Wat Is Sanger Sequencing?
Sanger sequencing, ook bekend als de “chain termination method”, werd ontwikkeld door de Engelse biochemicus Frederick Sanger en zijn collega ‘ s in 1977. Deze methode wordt ontworpen voor het bepalen van de opeenvolging van nucleotidebasissen in een stuk van DNA (algemeen minder dan 1.000 bp in lengte). Sanger die met 99 rangschikken.,99% basisnauwkeurigheid wordt beschouwd als de” gouden standaard ” voor het valideren van DNA-sequenties, met inbegrip van die welke reeds zijn gesequenced door de volgende generatie sequencing (NGS). Het rangschikken van Sanger werd gebruikt in het menselijke genoomproject om de opeenvolgingen van vrij kleine fragmenten van menselijk DNA (900 bp of minder) te bepalen. Deze fragmenten werden gebruikt om grotere fragmenten van DNA en, uiteindelijk, volledige chromosomen samen te stellen.
Sanger Sequencing VS NGS
de ontwikkeling van NGS-technologieën heeft genomicaonderzoek versneld. NGS kan gelijktijdig meer dan 100 genen en gehele genomen met low-input DNA rangschikken., Het rangschikken van Sanger blijft wijd gebruikt in het rangschikken van gebied aangezien het verscheidene prominente voordelen aanbiedt: (i) kostenefficiëntie voor het rangschikken van enige genen en (ii) 99.99% nauwkeurigheid, vooral geschikt voor verificatie die voor plaats-gerichte mutagenese of gekloonde tussenvoegsels rangschikken.
Hoe werkt het rangschikken van Sanger?
bij het rangschikken van Sanger wordt een DNA-primer die complementair is aan het template-DNA (het DNA dat moet worden gesequenced) gebruikt als uitgangspunt voor de DNA-synthese., In aanwezigheid van de vier deoxynucleotidetrifosfaten (dNTPs: A, G, C, en T), breidt de polymerase de inleiding uit door de aanvullende dntp aan de bundel van malplaatjedna toe te voegen.
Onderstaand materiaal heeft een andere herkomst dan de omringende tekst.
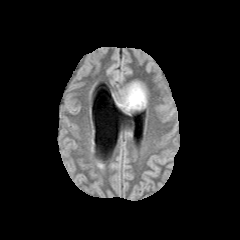
FLAIR MR.
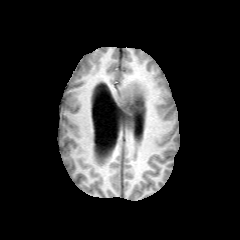
Same slice, T1-weighted magnetic resonance.
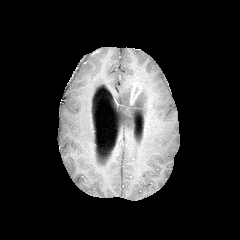
Post-contrast T1-weighted magnetic resonance.
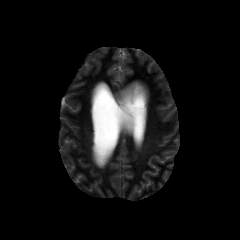
T2-weighted magnetic resonance of the same slice.
Head
The enhancing tumor lies within l=128, t=83, r=141, b=107. The non-enhancing tumor core is bounded by l=132, t=96, r=143, b=111. The edema appears at l=112, t=78, r=149, b=114.
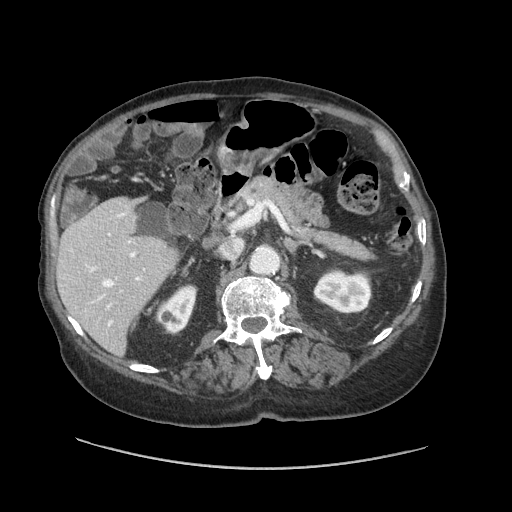

CT scan slice | 512x512 px | Abdomen

The vessel boxes may cover only some of the vessels.
3 hepatic vessel regions are bounded by (x1=233, y1=239, x2=242, y2=252), (x1=221, y1=248, x2=233, y2=258), (x1=102, y1=279, x2=113, y2=286).
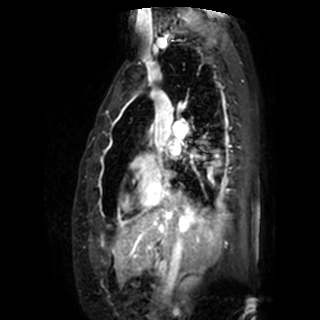

320x320 px; Heart; MRI

<segmentation>
  <left_atrium>169 142 179 154</left_atrium>
</segmentation>
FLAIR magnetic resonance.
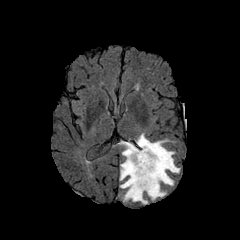
T1-weighted MR.
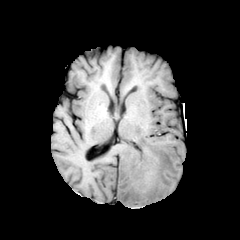
Post-contrast T1-weighted MR image.
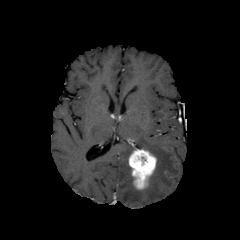
T2-weighted magnetic resonance.
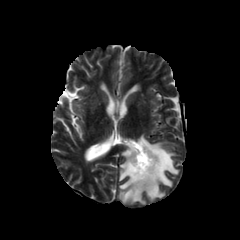
enhancing tumor: <bbox>128, 141, 157, 189</bbox> | edema: <bbox>118, 133, 179, 204</bbox>
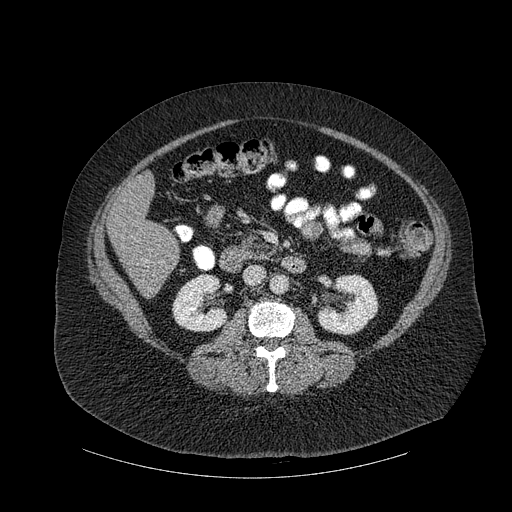 Liver, Image size 512x512, Computed tomography

Bone — (248,302,294,337), (256,346,286,391).
Kidney — (173,275,226,330), (318,275,377,333).
Liver — (108,174,180,295).
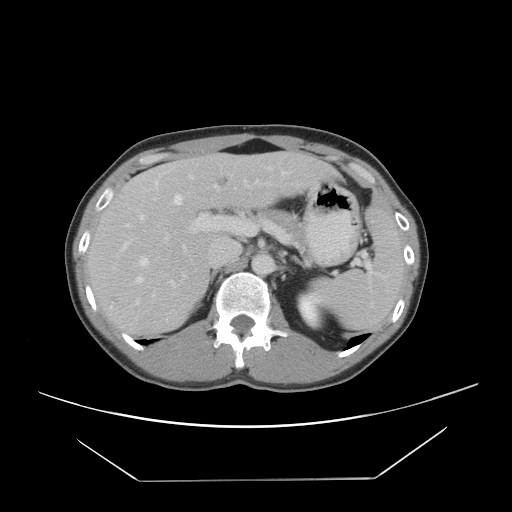 CT slice, Abdomen

The vessel boxes may cover only some of the vessels.
Liver tumor: region(110, 298, 119, 304).
Most prominent 15 of 21 hepatic vessel regions: region(244, 180, 247, 186); region(137, 211, 144, 219); region(121, 238, 131, 250); region(174, 194, 182, 204); region(214, 185, 218, 190); region(135, 277, 142, 282); region(255, 180, 270, 185); region(190, 225, 197, 232); region(136, 256, 147, 266); region(182, 273, 186, 277); region(281, 170, 289, 175); region(268, 166, 271, 169); region(154, 165, 172, 188); region(188, 175, 192, 178); region(170, 280, 174, 286).
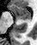
MR image, 37x45 px

Anterior hippocampus = (12, 5, 30, 19).
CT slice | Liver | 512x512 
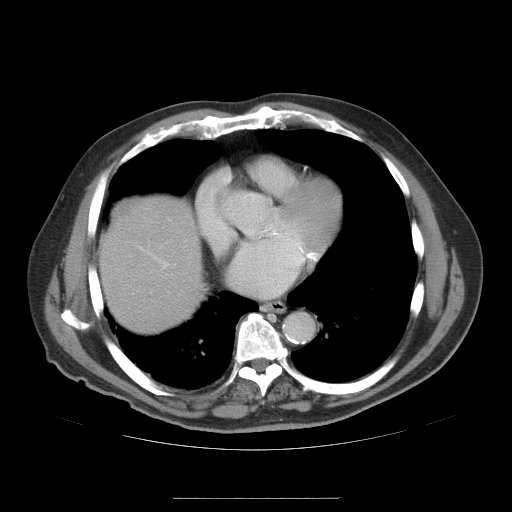
Only some of the vessels may be annotated.
Hepatic vessel: bounding box [x1=142, y1=248, x2=167, y2=267].
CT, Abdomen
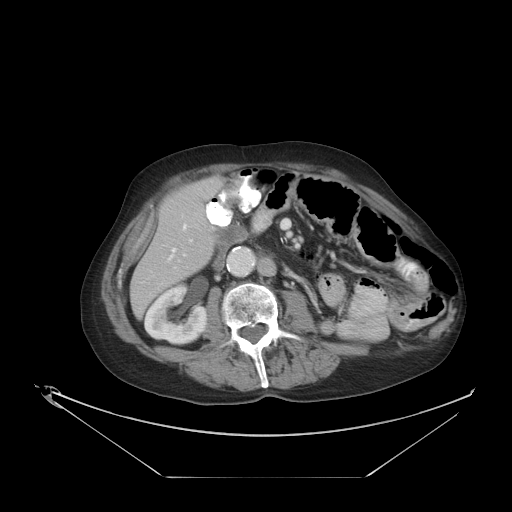 The colon tumor appears at (224, 175, 244, 208).
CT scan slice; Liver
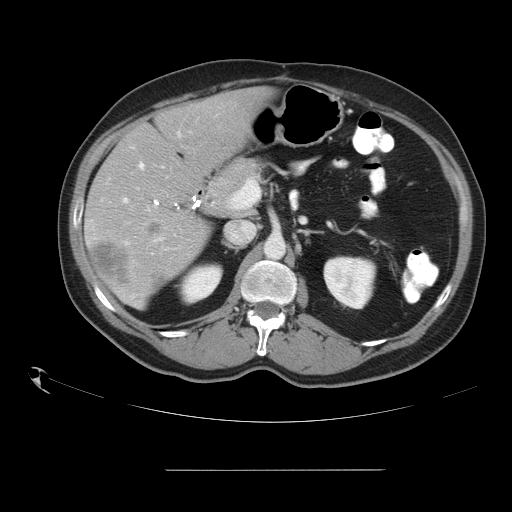 The vessel boxes may cover only some of the vessels.
3 hepatic vessel regions are located at (123, 198, 127, 202), (178, 133, 180, 136), (139, 163, 143, 168). 2 liver tumor regions are bounded by (148, 221, 160, 234), (91, 246, 128, 287).
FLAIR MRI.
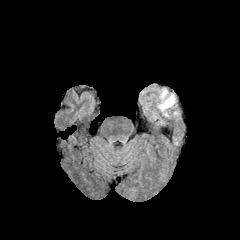
T1-weighted MR.
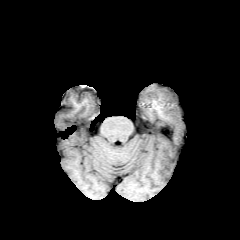
Post-contrast T1-weighted magnetic resonance.
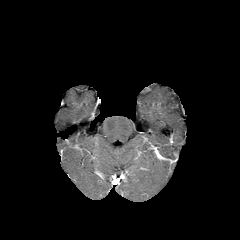
T2-weighted MR.
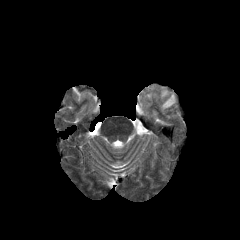
240x240 px
<segmentation>
  <edema>{"x1": 152, "y1": 88, "x2": 178, "y2": 119}</edema>
</segmentation>
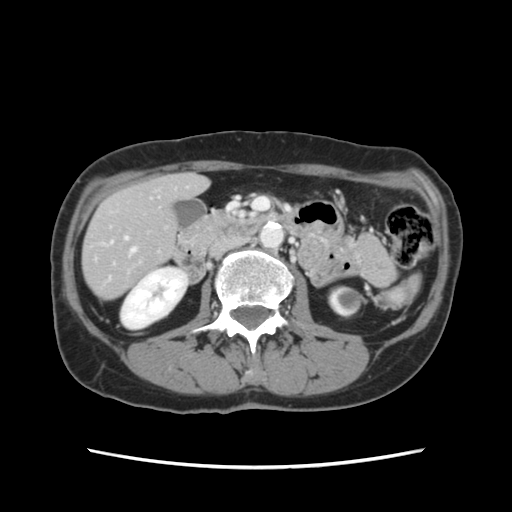

Computed tomography; Image size 512x512
Not every hepatic vessel necessarily has a box.
Hepatic vessel — [131,248,135,252], [125,236,127,239].
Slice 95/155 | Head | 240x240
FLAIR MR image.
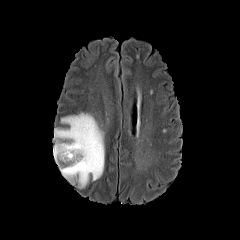
T1-weighted MRI.
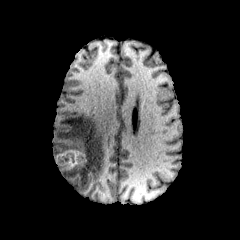
Post-contrast T1-weighted MR.
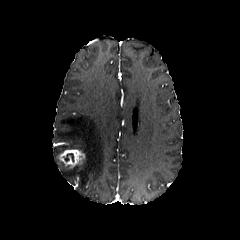
T2-weighted MRI.
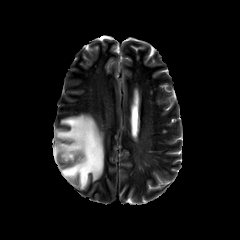
The enhancing tumor appears at box=[59, 149, 84, 168]. The edema lies within box=[52, 112, 104, 189]. The non-enhancing tumor core is at box=[54, 149, 68, 171].
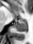
MRI | Medial temporal lobe
The posterior hippocampus is located at 15,20,26,31. The anterior hippocampus is located at 20,19,23,19.
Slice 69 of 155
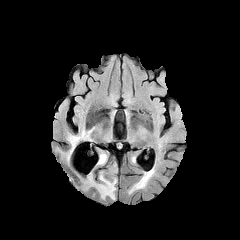
FLAIR MRI.
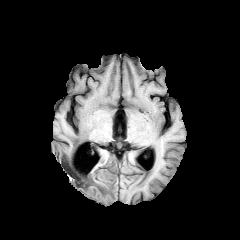
Same slice, T1-weighted MRI.
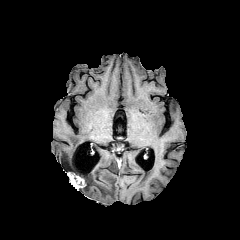
Post-contrast T1-weighted MRI.
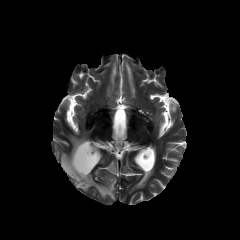
T2-weighted magnetic resonance.
edema: l=61, t=130, r=88, b=165; l=98, t=150, r=106, b=164; l=136, t=170, r=152, b=183; l=84, t=163, r=117, b=198
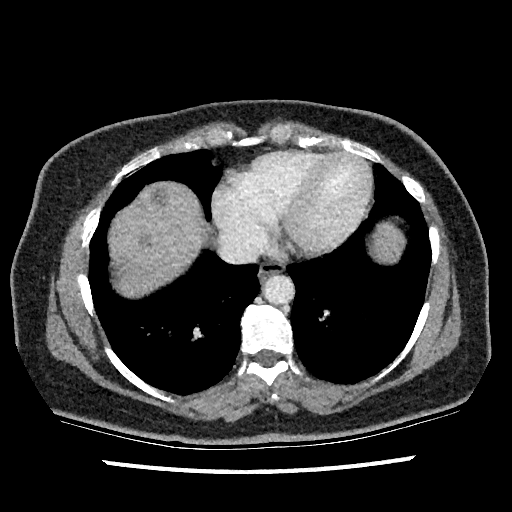

512x512 | CT scan slice
liver: (left=374, top=226, right=401, bottom=259), (left=109, top=182, right=202, bottom=294) | liver lesion: (left=141, top=236, right=149, bottom=245), (left=152, top=188, right=167, bottom=206)
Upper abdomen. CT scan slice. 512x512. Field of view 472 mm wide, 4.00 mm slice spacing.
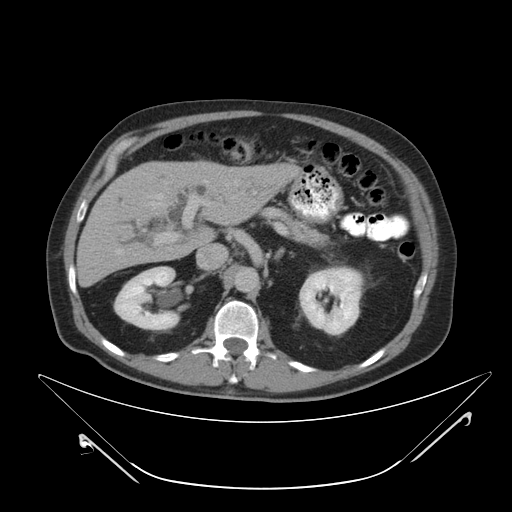
The pancreas is bounded by (282,214,326,247).

Om te bepalen welke nucleotide in de keten van nucleotiden wordt opgenomen, worden vier dideoxynucleotidetrifosfaten (ddNTPs: ddATP, ddGTP, ddCTP, en ddTTP) geëtiketteerd met een verschillende fluorescente kleurstof gebruikt om de synthesereactie te beëindigen. Vergeleken bij dNTPs, heeft ddNTPs een zuurstofatoom dat uit ribonucleotide wordt verwijderd, vandaar kan geen verbinding met volgende nucleotide vormen., Na synthese, worden de reactieproducten geladen in vier stegen van één enkel gel afhankelijk van diverse ketting-eindigend nucleotide en onderworpen aan gelelektroforese. Volgens hun grootte, wordt de opeenvolging van DNA zo bepaald.
figuur 1. De structuur van ddNTP en dNTP.
Image credit: “Whole-genome sequencing: Figure 1,” door OpenStax College, Biology).,
Sanger Sequencing Steps
De Sanger sequencing methode bestaat uit 6 stappen:
(1) het dubbelstrengs DNA (dsDNA) wordt gedenatureerd tot twee enkelstrengs DNA (ssDNA).
(2) een primer die overeenkomt met een einde van de reeks is bijgevoegd.
(3) vier polymeraseoplossingen met vier typen dNTPs maar slechts één type ddNTP worden toegevoegd.
(4) de DNA-synthesereactie start en de keten breidt zich uit totdat een nucleotide van de eindreactie willekeurig is opgenomen.
(5) de resulterende DNA-fragmenten worden gedenatureerd tot ssDNA.,
(6) de gedenatureerde fragmenten worden gescheiden door gelelektroforese en de sequentie wordt bepaald.
Figuur 2. Het rangschikken van Sanger methode in 6 stappen (aangepast van Gauthier 2008).